** Data for this task follows **
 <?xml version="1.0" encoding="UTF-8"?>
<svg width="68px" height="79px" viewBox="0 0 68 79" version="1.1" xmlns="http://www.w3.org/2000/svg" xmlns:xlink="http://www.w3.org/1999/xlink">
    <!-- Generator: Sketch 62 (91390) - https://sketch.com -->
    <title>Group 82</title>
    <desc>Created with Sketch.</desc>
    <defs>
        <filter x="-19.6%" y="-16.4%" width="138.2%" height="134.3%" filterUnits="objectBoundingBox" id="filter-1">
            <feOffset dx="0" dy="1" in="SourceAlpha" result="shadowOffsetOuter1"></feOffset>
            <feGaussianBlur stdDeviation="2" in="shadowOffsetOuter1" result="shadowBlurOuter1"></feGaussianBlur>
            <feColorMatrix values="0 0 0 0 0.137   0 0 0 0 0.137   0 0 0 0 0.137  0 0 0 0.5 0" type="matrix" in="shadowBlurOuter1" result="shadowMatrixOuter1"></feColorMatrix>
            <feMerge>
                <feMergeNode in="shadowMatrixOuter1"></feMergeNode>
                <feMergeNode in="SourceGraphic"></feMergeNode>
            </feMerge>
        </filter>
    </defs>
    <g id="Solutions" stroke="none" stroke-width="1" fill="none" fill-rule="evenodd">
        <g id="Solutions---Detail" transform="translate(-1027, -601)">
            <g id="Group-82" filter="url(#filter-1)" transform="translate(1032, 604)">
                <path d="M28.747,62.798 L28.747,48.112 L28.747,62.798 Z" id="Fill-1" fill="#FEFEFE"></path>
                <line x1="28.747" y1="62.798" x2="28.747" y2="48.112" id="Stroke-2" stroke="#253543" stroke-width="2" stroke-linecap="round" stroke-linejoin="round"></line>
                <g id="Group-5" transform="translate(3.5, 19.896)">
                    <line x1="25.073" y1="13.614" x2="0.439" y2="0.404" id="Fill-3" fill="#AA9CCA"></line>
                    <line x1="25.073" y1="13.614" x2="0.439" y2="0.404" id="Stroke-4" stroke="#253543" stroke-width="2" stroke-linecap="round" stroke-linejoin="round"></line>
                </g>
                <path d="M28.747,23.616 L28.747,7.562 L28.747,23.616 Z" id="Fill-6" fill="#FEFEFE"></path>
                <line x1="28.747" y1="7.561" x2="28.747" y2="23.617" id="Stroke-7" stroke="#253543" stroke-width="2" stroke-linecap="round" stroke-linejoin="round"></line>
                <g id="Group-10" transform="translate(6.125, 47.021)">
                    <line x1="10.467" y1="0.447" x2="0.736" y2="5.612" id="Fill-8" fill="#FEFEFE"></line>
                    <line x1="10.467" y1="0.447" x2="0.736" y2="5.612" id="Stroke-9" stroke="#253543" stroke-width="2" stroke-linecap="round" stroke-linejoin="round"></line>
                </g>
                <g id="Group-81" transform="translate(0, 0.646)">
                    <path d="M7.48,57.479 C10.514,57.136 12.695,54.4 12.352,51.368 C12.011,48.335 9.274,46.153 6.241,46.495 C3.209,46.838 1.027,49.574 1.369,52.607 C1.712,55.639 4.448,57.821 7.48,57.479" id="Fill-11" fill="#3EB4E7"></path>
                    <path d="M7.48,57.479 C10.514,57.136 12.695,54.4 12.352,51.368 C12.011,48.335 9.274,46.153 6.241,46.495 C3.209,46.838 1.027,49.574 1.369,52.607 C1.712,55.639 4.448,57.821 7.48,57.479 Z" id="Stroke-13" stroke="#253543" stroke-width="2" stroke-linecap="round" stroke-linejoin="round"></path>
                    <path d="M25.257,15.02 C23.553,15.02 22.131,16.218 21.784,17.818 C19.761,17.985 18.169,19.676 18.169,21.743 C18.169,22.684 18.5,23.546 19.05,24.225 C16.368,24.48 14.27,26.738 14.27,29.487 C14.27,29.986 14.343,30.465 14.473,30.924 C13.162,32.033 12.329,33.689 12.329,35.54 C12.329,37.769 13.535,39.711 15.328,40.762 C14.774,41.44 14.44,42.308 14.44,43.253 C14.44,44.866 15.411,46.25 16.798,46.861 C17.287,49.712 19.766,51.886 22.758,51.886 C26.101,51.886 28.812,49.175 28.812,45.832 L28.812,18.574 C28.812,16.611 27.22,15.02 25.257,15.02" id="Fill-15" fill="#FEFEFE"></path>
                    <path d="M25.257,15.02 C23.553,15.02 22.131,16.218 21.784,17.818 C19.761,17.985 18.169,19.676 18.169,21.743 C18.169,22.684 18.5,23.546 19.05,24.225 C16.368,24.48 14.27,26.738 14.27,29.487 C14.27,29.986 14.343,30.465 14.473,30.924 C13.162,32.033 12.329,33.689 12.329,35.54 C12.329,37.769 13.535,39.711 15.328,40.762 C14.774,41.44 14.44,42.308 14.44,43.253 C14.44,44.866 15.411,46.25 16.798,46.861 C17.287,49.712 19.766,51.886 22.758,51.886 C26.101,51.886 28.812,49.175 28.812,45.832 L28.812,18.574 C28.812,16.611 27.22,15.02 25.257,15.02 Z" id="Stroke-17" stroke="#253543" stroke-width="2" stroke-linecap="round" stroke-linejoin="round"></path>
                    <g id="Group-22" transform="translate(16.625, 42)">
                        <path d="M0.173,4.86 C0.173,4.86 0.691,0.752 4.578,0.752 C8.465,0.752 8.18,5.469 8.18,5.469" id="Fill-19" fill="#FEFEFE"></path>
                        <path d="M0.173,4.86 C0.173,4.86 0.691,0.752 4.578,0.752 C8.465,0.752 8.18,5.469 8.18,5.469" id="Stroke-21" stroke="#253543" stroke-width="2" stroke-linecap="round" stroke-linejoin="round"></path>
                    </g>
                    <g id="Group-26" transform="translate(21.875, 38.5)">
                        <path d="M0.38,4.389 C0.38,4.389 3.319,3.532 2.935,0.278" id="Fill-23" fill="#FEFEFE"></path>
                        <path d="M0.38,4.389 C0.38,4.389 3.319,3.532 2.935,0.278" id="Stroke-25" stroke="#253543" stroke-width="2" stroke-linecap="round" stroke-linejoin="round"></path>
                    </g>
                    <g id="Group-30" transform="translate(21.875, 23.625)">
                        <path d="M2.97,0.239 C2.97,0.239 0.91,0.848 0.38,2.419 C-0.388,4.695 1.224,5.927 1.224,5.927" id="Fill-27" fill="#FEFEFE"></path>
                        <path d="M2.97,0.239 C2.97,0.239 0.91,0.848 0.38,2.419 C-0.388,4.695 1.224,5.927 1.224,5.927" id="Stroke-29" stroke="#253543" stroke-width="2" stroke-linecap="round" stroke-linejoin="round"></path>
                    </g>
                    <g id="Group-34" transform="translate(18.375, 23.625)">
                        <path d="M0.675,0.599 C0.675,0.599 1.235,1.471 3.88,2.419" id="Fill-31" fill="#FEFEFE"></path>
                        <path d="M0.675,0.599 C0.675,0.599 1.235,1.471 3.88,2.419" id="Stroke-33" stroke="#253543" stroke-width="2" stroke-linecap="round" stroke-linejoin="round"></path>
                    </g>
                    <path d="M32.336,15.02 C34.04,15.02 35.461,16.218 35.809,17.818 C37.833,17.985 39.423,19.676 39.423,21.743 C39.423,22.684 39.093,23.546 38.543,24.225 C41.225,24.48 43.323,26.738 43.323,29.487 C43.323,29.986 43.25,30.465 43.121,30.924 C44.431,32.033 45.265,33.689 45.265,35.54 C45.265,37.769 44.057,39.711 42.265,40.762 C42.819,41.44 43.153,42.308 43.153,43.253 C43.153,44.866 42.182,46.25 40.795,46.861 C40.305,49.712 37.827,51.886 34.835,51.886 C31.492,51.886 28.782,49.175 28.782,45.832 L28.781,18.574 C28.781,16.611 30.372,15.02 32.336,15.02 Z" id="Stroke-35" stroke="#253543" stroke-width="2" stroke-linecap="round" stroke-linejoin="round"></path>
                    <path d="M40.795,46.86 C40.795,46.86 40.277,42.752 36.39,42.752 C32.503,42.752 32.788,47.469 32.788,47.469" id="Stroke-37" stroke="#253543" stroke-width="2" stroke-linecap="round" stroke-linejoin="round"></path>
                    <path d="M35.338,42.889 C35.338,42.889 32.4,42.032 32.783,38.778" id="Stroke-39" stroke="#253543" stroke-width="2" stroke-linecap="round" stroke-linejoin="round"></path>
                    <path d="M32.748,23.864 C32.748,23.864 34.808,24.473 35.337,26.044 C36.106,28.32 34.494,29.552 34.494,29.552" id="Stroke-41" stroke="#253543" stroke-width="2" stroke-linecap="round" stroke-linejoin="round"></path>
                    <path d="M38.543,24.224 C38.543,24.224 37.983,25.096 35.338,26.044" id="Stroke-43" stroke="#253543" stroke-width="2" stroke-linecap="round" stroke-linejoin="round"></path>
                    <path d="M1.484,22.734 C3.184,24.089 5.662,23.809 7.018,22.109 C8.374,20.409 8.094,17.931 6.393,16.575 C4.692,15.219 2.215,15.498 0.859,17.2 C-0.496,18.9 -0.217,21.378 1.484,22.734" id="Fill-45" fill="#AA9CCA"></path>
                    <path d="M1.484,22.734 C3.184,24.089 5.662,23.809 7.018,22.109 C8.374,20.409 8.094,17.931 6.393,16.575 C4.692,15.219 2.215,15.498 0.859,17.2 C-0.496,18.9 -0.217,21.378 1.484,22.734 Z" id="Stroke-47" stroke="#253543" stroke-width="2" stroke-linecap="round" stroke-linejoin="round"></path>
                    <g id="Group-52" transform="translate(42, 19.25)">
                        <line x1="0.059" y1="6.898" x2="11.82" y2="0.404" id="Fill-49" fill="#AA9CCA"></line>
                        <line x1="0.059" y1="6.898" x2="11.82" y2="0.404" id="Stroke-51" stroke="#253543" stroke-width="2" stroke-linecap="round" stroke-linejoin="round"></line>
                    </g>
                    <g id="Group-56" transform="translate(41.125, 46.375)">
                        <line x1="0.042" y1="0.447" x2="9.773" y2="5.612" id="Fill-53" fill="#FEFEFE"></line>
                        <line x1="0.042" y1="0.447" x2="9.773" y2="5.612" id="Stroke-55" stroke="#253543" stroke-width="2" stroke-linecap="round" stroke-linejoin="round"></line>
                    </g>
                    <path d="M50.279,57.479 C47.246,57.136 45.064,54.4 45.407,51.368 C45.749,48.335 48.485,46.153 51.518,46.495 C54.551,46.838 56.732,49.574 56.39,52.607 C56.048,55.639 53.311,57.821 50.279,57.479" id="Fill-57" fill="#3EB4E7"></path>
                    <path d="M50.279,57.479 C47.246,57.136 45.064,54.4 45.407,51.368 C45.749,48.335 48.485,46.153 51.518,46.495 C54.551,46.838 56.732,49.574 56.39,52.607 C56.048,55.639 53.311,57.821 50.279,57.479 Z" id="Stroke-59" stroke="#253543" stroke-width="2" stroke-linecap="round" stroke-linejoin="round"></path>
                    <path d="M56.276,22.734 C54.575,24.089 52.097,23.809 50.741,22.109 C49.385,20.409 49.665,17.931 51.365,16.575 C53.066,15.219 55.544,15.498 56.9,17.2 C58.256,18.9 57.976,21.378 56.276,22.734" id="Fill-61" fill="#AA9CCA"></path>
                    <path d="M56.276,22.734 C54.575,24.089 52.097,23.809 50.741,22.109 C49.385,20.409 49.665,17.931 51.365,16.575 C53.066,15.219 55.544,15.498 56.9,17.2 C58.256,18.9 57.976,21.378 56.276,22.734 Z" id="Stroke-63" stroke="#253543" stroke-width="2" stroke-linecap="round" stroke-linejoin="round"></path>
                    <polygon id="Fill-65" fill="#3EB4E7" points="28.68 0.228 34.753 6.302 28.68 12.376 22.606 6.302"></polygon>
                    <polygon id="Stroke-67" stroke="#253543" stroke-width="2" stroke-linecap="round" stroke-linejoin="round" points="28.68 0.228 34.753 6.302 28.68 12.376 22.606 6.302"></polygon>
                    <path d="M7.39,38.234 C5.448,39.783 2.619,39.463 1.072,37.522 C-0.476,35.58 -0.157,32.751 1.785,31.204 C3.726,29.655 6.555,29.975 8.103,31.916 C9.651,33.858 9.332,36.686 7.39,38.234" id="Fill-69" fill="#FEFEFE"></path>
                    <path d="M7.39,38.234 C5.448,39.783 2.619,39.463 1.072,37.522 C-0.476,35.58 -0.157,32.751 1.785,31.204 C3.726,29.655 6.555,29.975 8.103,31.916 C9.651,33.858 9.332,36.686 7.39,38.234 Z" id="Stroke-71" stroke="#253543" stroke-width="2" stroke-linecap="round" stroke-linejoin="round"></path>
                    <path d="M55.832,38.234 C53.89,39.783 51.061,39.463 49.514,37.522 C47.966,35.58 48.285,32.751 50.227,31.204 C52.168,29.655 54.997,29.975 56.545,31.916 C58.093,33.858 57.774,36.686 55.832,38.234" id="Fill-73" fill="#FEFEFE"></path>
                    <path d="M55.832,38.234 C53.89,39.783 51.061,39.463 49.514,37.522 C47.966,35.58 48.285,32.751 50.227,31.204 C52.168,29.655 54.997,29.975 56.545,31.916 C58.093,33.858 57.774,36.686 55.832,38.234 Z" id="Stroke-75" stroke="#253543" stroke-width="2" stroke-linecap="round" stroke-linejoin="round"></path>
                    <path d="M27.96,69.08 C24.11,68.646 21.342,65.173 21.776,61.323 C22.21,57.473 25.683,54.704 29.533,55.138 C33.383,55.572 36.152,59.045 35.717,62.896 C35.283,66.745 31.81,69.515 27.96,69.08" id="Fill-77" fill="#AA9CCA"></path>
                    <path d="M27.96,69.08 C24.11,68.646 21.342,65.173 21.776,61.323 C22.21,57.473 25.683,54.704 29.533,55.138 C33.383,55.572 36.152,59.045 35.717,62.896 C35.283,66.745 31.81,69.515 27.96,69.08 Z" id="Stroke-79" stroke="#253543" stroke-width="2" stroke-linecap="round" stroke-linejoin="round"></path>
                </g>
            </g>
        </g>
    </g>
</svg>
** End of Data for this task **
Requirement » Only the lines from the first line of the material above through the line that contains "<!-- Generator: Sketch" should be quoted, each one exactly.

The completed task »
 <?xml version="1.0" encoding="UTF-8"?>
<svg width="68px" height="79px" viewBox="0 0 68 79" version="1.1" xmlns="http://www.w3.org/2000/svg" xmlns:xlink="http://www.w3.org/1999/xlink">
    <!-- Generator: Sketch 62 (91390) - https://sketch.com -->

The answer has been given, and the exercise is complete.